Fisher tidak lagi memperhatikannya. Setelah berpikir sejenak, dia melemparkan kertas yang dijepit di tangannya ke dalam api. Melihat kertas itu perlahan-lahan menghilang ke dalam api, dia semakin merasa bahwa Dagon membutuhkannya untuk membantunya melakukan hal tertentu… termasuk Ramastia dari lautan, seharusnya juga seperti ini.
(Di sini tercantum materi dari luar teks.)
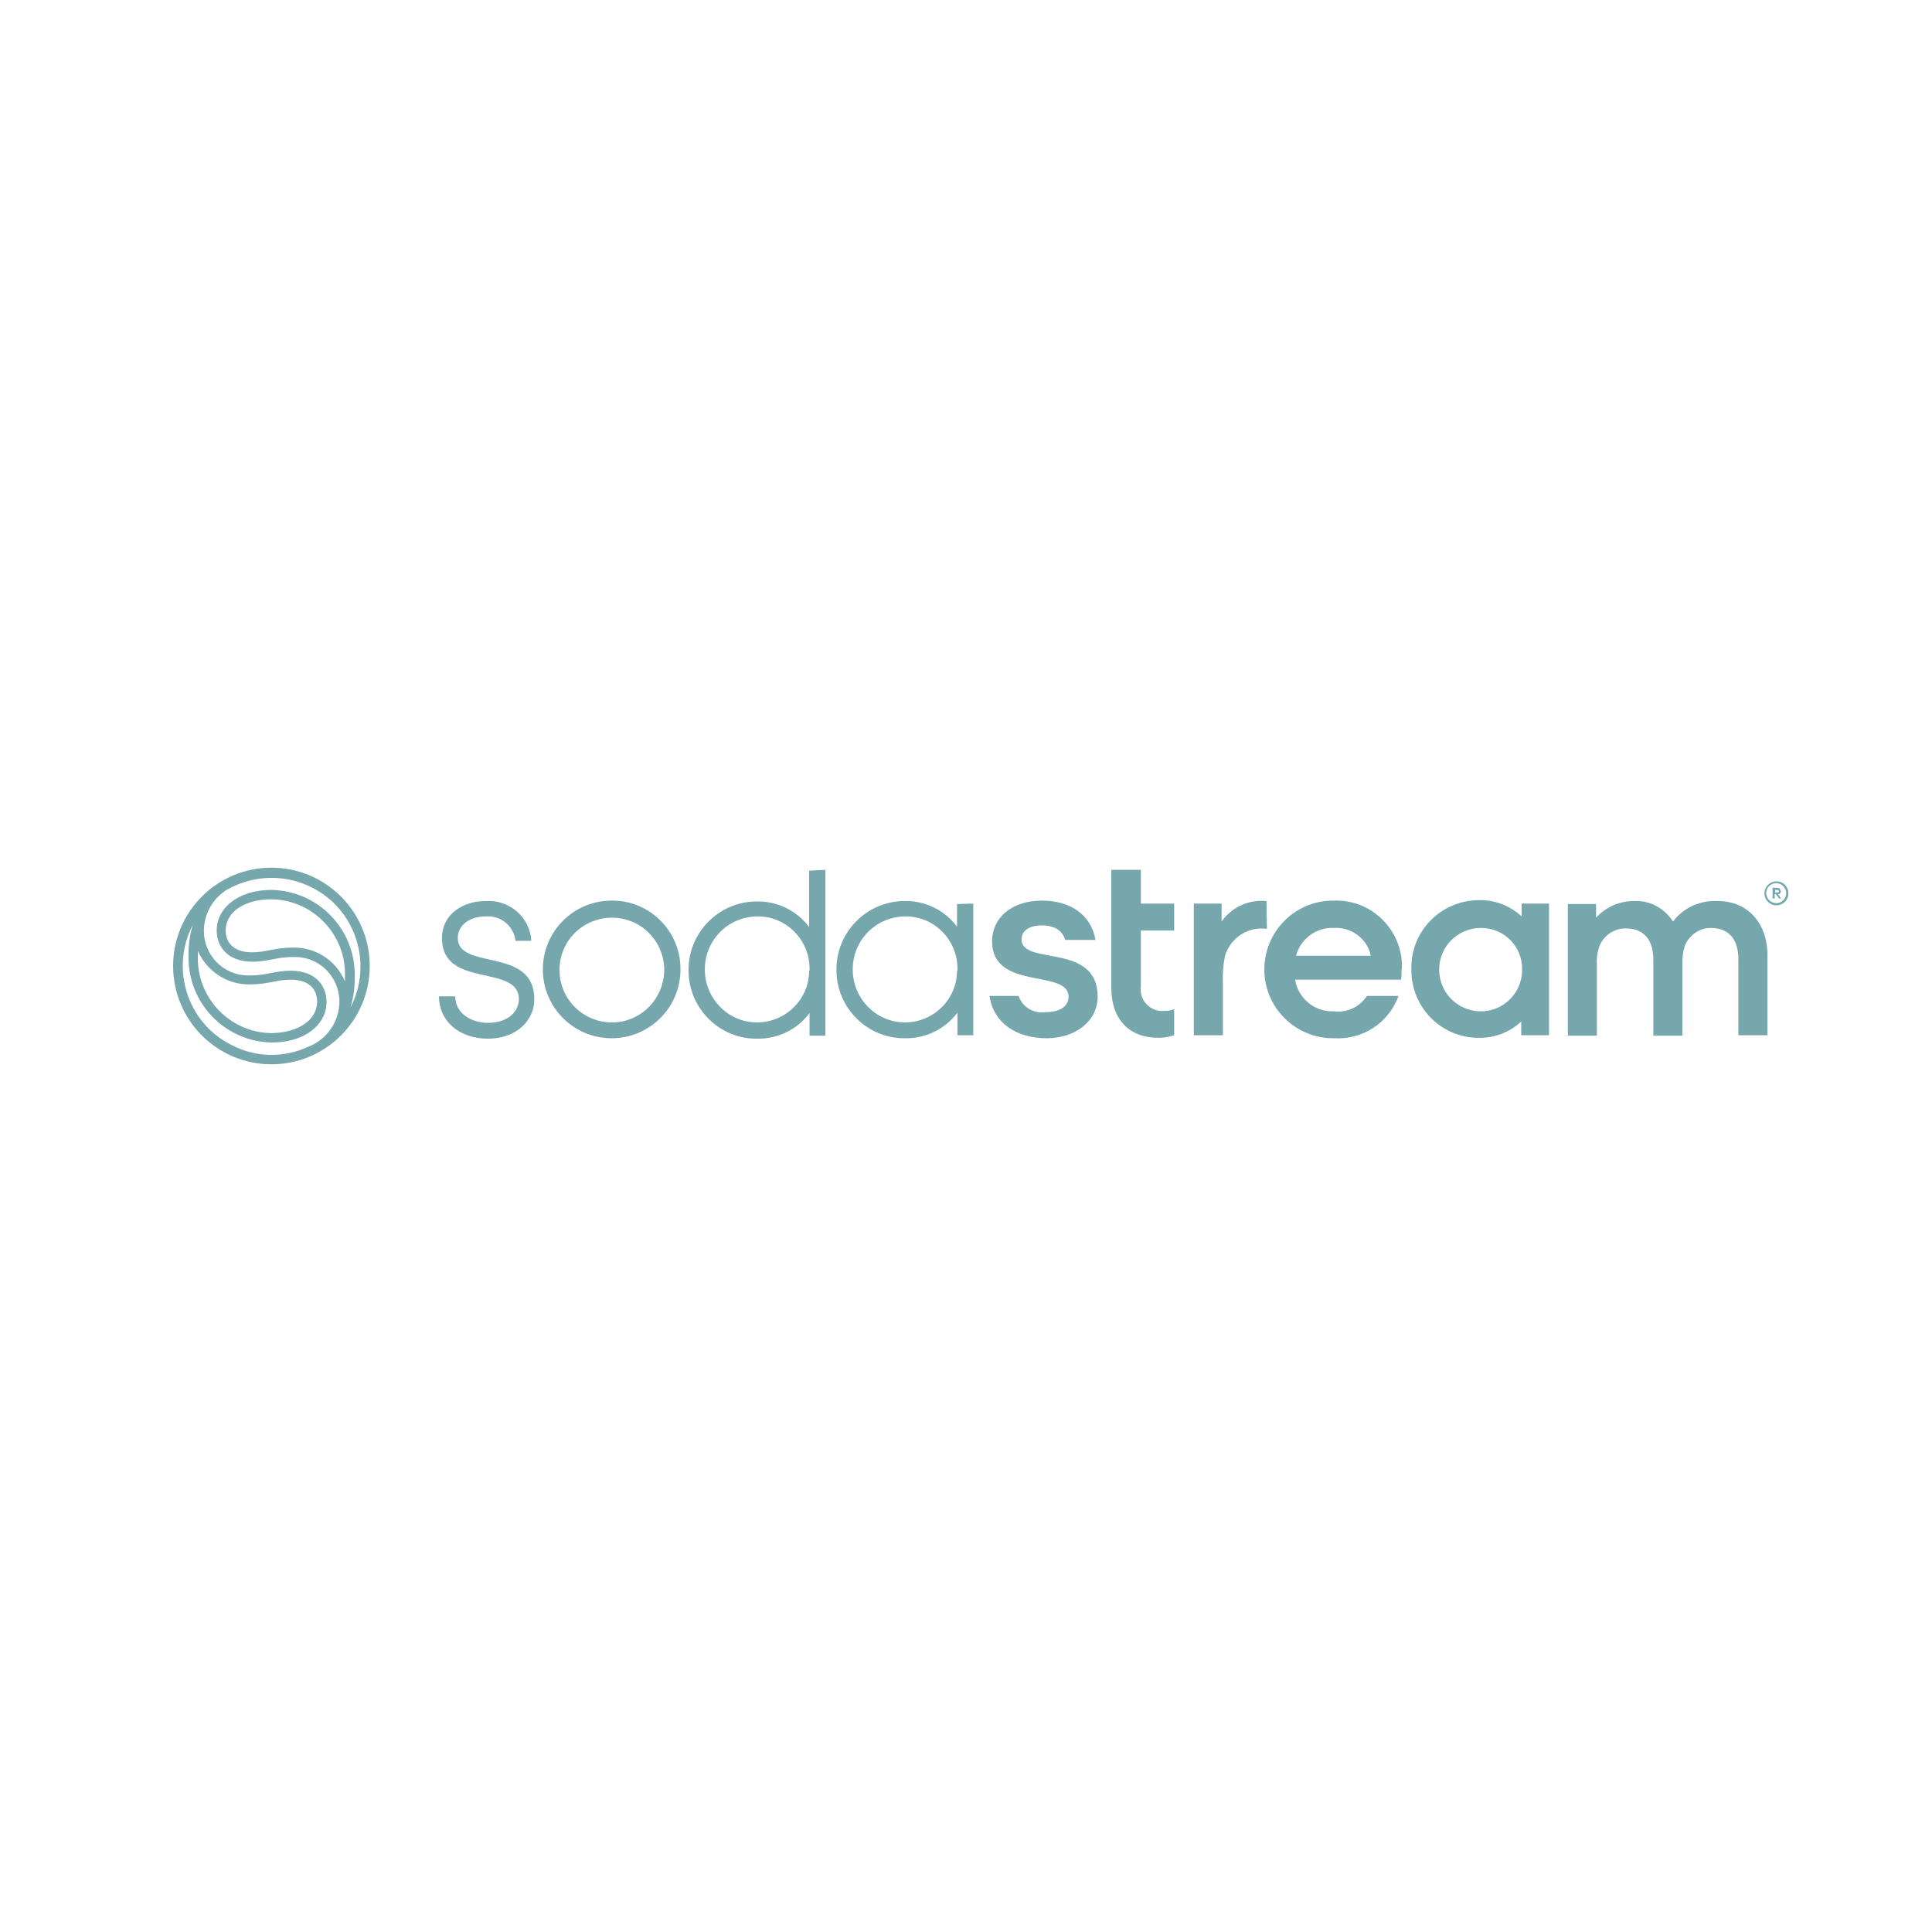 <?xml version="1.0" encoding="utf-8"?>
<!-- Generator: $$$/GeneralStr/196=Adobe Illustrator 27.6.0, SVG Export Plug-In . SVG Version: 6.00 Build 0)  -->
<svg version="1.1" id="uuid-58b6f989-94a0-48af-91bc-fde2f6b2e52a"
	 xmlns="http://www.w3.org/2000/svg" xmlns:xlink="http://www.w3.org/1999/xlink" x="0px" y="0px" viewBox="0 0 452 452"
	 style="enable-background:new 0 0 452 452;" xml:space="preserve">
<style type="text/css">
	.st0{fill:#75A7AD;}
</style>
<path class="st0" d="M416.6,208.5c0-0.3-0.2-0.8-0.9-0.8h-1v2.5h0.5v-1h0.3l0.7,1h0.5l-0.7-1C416.4,209.2,416.7,208.9,416.6,208.5
	 M415.3,208.8v-0.6h0.4c0.3,0,0.5,0.1,0.5,0.3c0,0.3-0.2,0.3-0.6,0.3L415.3,208.8z M415.6,206.2c-1.5,0-2.8,1.2-2.8,2.8
	c0,1.5,1.2,2.8,2.8,2.8c1.5,0,2.8-1.2,2.8-2.8S417.2,206.2,415.6,206.2L415.6,206.2 M415.6,211.3c-1.3,0-2.3-1-2.4-2.3
	c0-1.3,1-2.3,2.3-2.4c1.3,0,2.3,1,2.4,2.3c0,0,0,0,0,0C417.9,210.2,416.9,211.3,415.6,211.3C415.6,211.3,415.6,211.3,415.6,211.3
	 M256.8,233.2c0,5.6-5.1,9.7-11.9,9.7c-7.3,0-12.5-3.7-13.4-9.9h6.8c0.9,2.6,3.5,4.2,6.3,3.8c3.4,0,5.4-1.4,5.4-3.6
	c0-6.6-17.9-1.3-17.9-13c0-5.4,4.5-9.5,11.7-9.5c6.7,0,11.5,3.4,12.5,9.2h-7.1c-0.5-1.8-2-3.4-5.5-3.4c-2.8,0-4.7,1.2-4.7,3.2
	C238.9,226.1,256.8,220.3,256.8,233.2 M266.9,203.5H260v27.6c0,7.6,4.4,11.7,11,11.7c1.2,0,2.5-0.2,3.7-0.6v-6.1
	c-0.7,0.3-1.4,0.4-2.2,0.4c-2.7,0.3-5.2-1.6-5.6-4.3c0-0.4-0.1-0.7,0-1.1v-13.4h7.8v-6.3h-7.8L266.9,203.5z M107.1,219.4
	c0-2.8,2.6-5,6.5-5c3.5-0.3,6.6,2.2,7,5.7h3.7c-0.3-5.5-5.1-9.6-10.5-9.3c-0.1,0-0.2,0-0.2,0c-5.2,0-10.2,3-10.2,8.7
	c0,11.9,18,5.9,18,14.3c0,2.5-2.2,5.5-7.2,5.5c-3.9,0-7.7-2.2-7.7-6.2h-3.8c0,5.9,4.9,9.9,11.4,9.9c7.2,0,10.9-4.7,10.9-9.1
	C125.1,221.3,107.1,227.2,107.1,219.4 M227.7,211.4v30.8H224v-5.3c-2.9,3.9-7.5,6.1-12.3,6c-8.7,0.1-15.9-7-16-15.7
	c0-0.1,0-0.2,0-0.3c-0.1-8.7,6.9-15.9,15.6-16.1c0.1,0,0.2,0,0.3,0c4.8-0.1,9.4,2.1,12.3,6v-5.3L227.7,211.4z M224,226.8
	c0.1-6.7-5.2-12.3-11.9-12.4c-0.1,0-0.2,0-0.4,0c-6.9,0.1-12.3,5.7-12.2,12.6c0.1,6.7,5.5,12.2,12.2,12.2c6.7,0,12.2-5.4,12.2-12.1
	C224,227.1,224,227,224,226.8 M193.1,203.5v38.8h-3.7v-5.3c-2.9,3.9-7.5,6.1-12.3,6c-8.7,0.1-15.9-7-16-15.7c0-0.1,0-0.2,0-0.3
	c-0.1-8.7,6.9-15.9,15.6-16.1c0.1,0,0.2,0,0.3,0c4.8-0.1,9.4,2.1,12.3,6v-13.2L193.1,203.5z M189.4,226.8
	c0.1-6.7-5.2-12.3-11.9-12.4c-0.1,0-0.2,0-0.4,0c-6.9,0.1-12.3,5.7-12.2,12.6c0.1,6.7,5.5,12.2,12.2,12.2c6.7,0,12.2-5.4,12.2-12.1
	C189.4,227.1,189.4,227,189.4,226.8 M355.9,211.4h6.5v30.8h-6.5v-3.2c-2.7,2.5-6.3,3.9-10,3.8c-8.7,0-15.7-7.1-15.7-15.8
	c0-0.1,0-0.2,0-0.3c-0.2-8.7,6.7-15.9,15.5-16.1c0.1,0,0.2,0,0.3,0c3.7-0.1,7.3,1.3,10,3.8V211.4z M356.1,226.8
	c0.1-5.3-4.1-9.6-9.4-9.7c-0.1,0-0.3,0-0.4,0c-5.4,0.1-9.7,4.5-9.6,9.9c0.1,5.3,4.3,9.5,9.6,9.6c5.3,0.1,9.6-4.1,9.8-9.3
	C356.1,227.1,356.1,227,356.1,226.8 M159.2,226.8c0,8.9-7.2,16.1-16.1,16.1c-8.9,0-16.1-7.2-16.1-16.1c0-8.9,7.2-16.1,16.1-16.1
	c8.8-0.1,16,7,16.1,15.8C159.2,226.7,159.2,226.8,159.2,226.8 M155.4,226.8c-0.1-6.8-5.6-12.2-12.4-12.1
	c-6.8,0.1-12.2,5.6-12.1,12.4c0.1,6.7,5.5,12.1,12.3,12.1C149.9,239.2,155.4,233.7,155.4,226.8 M296.3,210.8
	c-4.1-0.4-8.1,1.4-10.5,4.8v-4.2h-6.5v30.8h6.8v-12.6c-0.1-2,0.1-4,0.5-6c1.3-4.2,5.4-6.9,9.8-6.3L296.3,210.8z M327.9,226.8
	c0,0.8,0,1.6-0.1,2.4H303c0.7,4.4,4.6,7.6,9.1,7.4c3,0.4,6-1,7.7-3.6h7.4c-2.3,6.3-8.4,10.3-15.1,9.9c-8.9,0.1-16.2-7-16.3-15.9
	c-0.1-8.9,7-16.2,15.9-16.3c0.1,0,0.3,0,0.4,0c8.5-0.3,15.6,6.4,15.9,14.9C328,226.1,328,226.5,327.9,226.8 M303.2,223.6h17.5
	c-0.8-4-4.6-6.8-8.7-6.5C308,216.9,304.3,219.6,303.2,223.6 M413.5,223.3c0-6.6-4-12.5-11.7-12.5c-4.1-0.2-8,1.6-10.4,4.8
	c-1.9-3-5.2-4.9-8.8-4.8c-3.5-0.1-6.8,1.3-9.2,3.9v-3.2h-6.6v30.8h6.8v-16.8c-0.1-1.3,0.1-2.6,0.5-3.9c0.9-2.6,3.4-4.4,6.2-4.4
	c4.5,0,6.5,2.9,6.5,7.3v17.8h6.8v-16.9c0-1.3,0.1-2.6,0.5-3.9c0.9-2.6,3.4-4.4,6.1-4.4c4.5,0,6.5,2.9,6.5,7.3v17.8h6.8L413.5,223.3z
	"/>
<path class="st0" d="M40.5,226c0-12.7,10.3-23,23-23s23,10.3,23,23s-10.3,23-23,23l0,0C50.8,249,40.5,238.7,40.5,226 M80.7,229.6
	c0-0.3,0-0.6,0-1c0.4-9.7-7.2-17.9-16.9-18.2c-0.1,0-0.3,0-0.4,0c-6.1,0-10.6,2.9-10.6,7.3c0,2.4,1.4,5.1,6.2,5.1
	c3.2,0,5.4-1.1,9.3-1.1C73.7,221.5,78.6,224.6,80.7,229.6 M74.2,234.3c0-2.4-1.4-5.1-6.2-5.1c-3.2,0-5.4,1.1-9.3,1.1
	c-5.3,0.2-10.2-2.9-12.4-7.8c0,0.3,0,0.6,0,1c-0.4,9.7,7.2,17.9,16.9,18.2c0.1,0,0.3,0,0.4,0C69.7,241.6,74.2,238.7,74.2,234.3
	 M72.1,244.9c4.4-1.7,7.3-5.9,7.3-10.6c0-5.7-4.6-10.4-10.3-10.4c-0.2,0-0.5,0-0.7,0c-3.7,0-5.8,1.1-9.3,1.1c-6,0-8.4-3.7-8.4-7.3
	c0-5.4,5.2-9.5,12.8-9.5c10.9,0.2,19.6,9.1,19.5,20.1c0,0.1,0,0.3,0,0.4c0,2.4-0.3,4.7-1,7c5.3-10.2,1.3-22.8-8.9-28
	c-5.6-2.9-12.3-3.1-18.1-0.5c-4.4,1.7-7.3,5.9-7.3,10.6c0,5.7,4.6,10.4,10.3,10.4c0.2,0,0.5,0,0.7,0c3.7,0,5.8-1.1,9.3-1.1
	c6,0,8.4,3.7,8.4,7.3c0,5.4-5.2,9.5-12.8,9.5c-10.9-0.2-19.6-9.1-19.5-20.1c0-0.1,0-0.3,0-0.4c0-2.4,0.3-4.7,1-7
	c-5.3,10.2-1.3,22.8,8.9,28C59.6,247.4,66.3,247.6,72.1,244.9"/>
</svg>

Dan alasan mengapa Dagon percaya bahwa belum waktunya hanya karena dirinya saat ini masih kurang memiliki kualifikasi untuk menyentuh apa yang Dia inginkan agar dia capai.
Itu masuk akal. Karena ini adalah masalah yang bahkan membutuhkan bantuan Dewa, jelaslah bahwa itu tidak mungkin berada pada tingkat Peringkat Transenden yang saat ini dia miliki. Namun Peringkat Mitos benar-benar terlalu jauh dari Fisher. Satu-satunya makhluk yang saat ini memiliki kekuatan Spesies Mitos yang pernah dilihatnya dengan mata kepala sendiri seharusnya hanya ibu Jasmine, Xuan Can. Tentu saja, dia juga tidak dapat memastikan seberapa kuat Peringkat Mitos itu sebenarnya.
Sebelum memperoleh informasi lebih lanjut, setiap alur pemikiran akan menemui jalan buntu. Sebaiknya ia tidak membuat dugaan subjektif yang gegabah.
Setelah sampai pada kesimpulan, Fisher menggelengkan kepalanya dan berdiri. Namun, dari sudut matanya, tanpa sengaja ia melihat ruangan tempat Ilos beristirahat. Pada saat itu, ia seolah melihat sesuatu yang sulit dipercaya, bahkan menyebabkan ekspresinya menjadi aneh.
“Ada apa? Kenapa ekspresimu tiba-tiba jadi aneh? Apa yang kau lihat… Astaga!”
Ekspresi Emhart, yang beberapa saat sebelumnya tampak penuh pertanyaan, berubah menjadi keheranan yang mencengangkan setelah melihat ke arah yang sama dengan Fisher. Ia bahkan tak kuasa menahan diri untuk mengumpat keras, menunjukkan kebingungan di dalam hatinya.
Karena pada saat ini juga, di dalam kabin kayu kecil di hadapan mereka, tubuh Ilos yang terbaring di dalamnya telah mengalami perubahan yang terlihat secara tak terduga dan aneh.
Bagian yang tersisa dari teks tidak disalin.